# Buying Beneficial Bacteria



## Byronicle (Apr 18, 2009)

I was up in Waterloo last weekend, where a librarian from Wilfrid Laurier who is a fish enthusiast was telling me how there is a work study group in Waterloo University that has discovered something quite interesting.

Basically, they said that the "beneficial bacteria" that you can buy from stores are not even the same bacteria that are actually involved in the cycling process. They swab the aquarium, identified the bacteria and compared them to the store bought bacteria, and the results are they do not match, and the store bought bacteria also do not participate in the nitrate cycle at all  

Right now, they are trying to compare the bacteria in saltwater aquariums and compare that.


----------



## ameekplec. (May 1, 2008)

I would believe it.

I was going to buy some to see if there were any live bacteria in them at all, but I decided against it since I didn't want to waste $30 on products I don't believe in.

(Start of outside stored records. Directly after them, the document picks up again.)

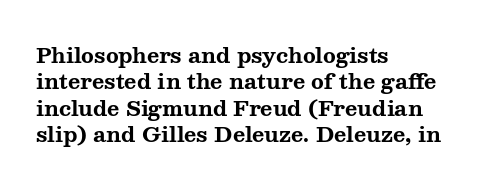
{"italic": "no", "bold": "yes", "underline": "no", "align": "left", "line_spacing": "normal", "line_spacing_ratio": 1.26, "letter_spacing": "normal", "letter_spacing_em": 0.0, "glyph_px": 21}
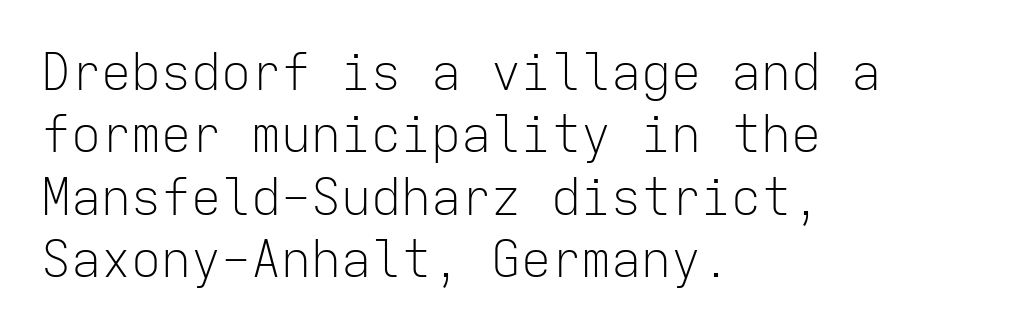
Q: Is the text bold? A: No.
Q: Is the text italic (slanted)? A: No, it is upright.
Q: Is the typeface a serif or a sans-serif typeface? A: Sans-serif.
Q: Is the text underlined? A: No.
Q: How is the paragraph aligned? A: Left-aligned.
Q: Is the spacing between letters normal or unusually wide? A: Normal.
Q: Is the spacing between lines tight, normal or loose? A: Normal.
Q: Width (condensed, normal, or wide)? A: Normal.
Q: Stroke contrast? A: Low.
Q: x-height? A: Medium.
Q: Monospaced? A: Yes.
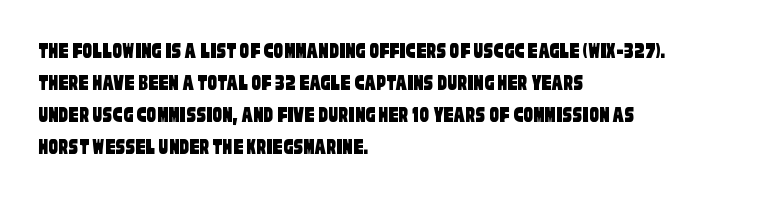
Q: Is the text underlined? A: No.
Q: How is the paragraph aligned? A: Left-aligned.
Q: Is the spacing between letters normal or unusually wide? A: Normal.
Q: Is the spacing between lines tight, normal or loose? A: Normal.
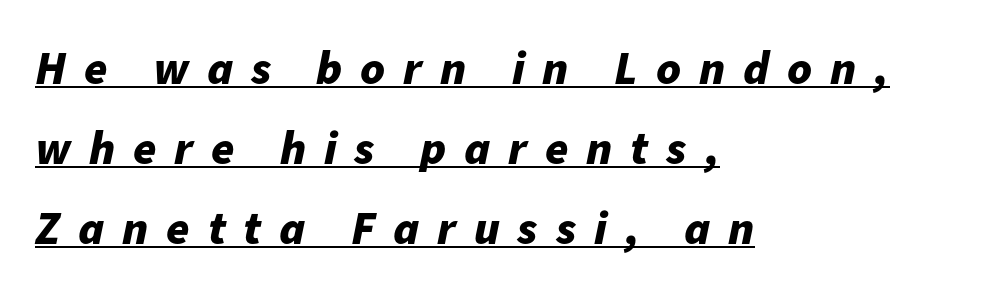
Emphasis by weight is at full strength: bold. Vertically, the passage feels balanced, rows spaced as you'd expect. Reading down the block, your eye returns to a fixed left position each line. Someone cranked the tracking dial way up on this one. The rendering applies a slant to the glyphs.

Would be neat to see their study though. Any links to an article?


----------



## Byronicle (Apr 18, 2009)

Yea, funny thing is they did not publish the article yet. They are a little hesitant because they don't like the idea of telling the fish industry that this bacteria business is a scam. But I will email the librarian to keep me updated


----------



## Hitch (Apr 26, 2009)

not surprised at all. Are you sure there isnt already article about that? I thought I read it somewhere....

though one thing I am interested in is their methodologies...

but I would imagine they would not want to release sections before publishing.


----------



## Zebrapl3co (Mar 29, 2006)

Yup, it's full of crap in those bio-bottles. A complete waste of money. What you might want to engage the librarian in, is purchase a bottle of Bio-spira and test that for traces of those nitrate eating beneficial bacteria. Many user have complain about the uselessness of those crap bottles, but have reported that Bio-spira works.
To expand this further, I know that in Asia, there is a powder form being sold that has claim to contain the dormat dry form of the beneficial bacteria. Just like yeast.
Now that was be a worthing study.

*Never pay again for live sex! | Hot girls doing naughty stuff for free! | Chat for free!*


----------



## j2quinn (Nov 23, 2006)

no scientist would hestitate to publish a paper that would discredit a company. trust me. especially if the paper is published in a peer-reviewed journal. it would be interesting to see why they haven't published.


----------



## rojowe (Nov 28, 2009)

There was a study done a while back...here is a link to another forum where they were asking the same thing....
http://www.practicalfishkeeping.co.uk/forum/showthread.php?t=480

"Does not work" is perhaps unfair, as it's rather difficult to say this without conducting a rigorous controlled trial of the product.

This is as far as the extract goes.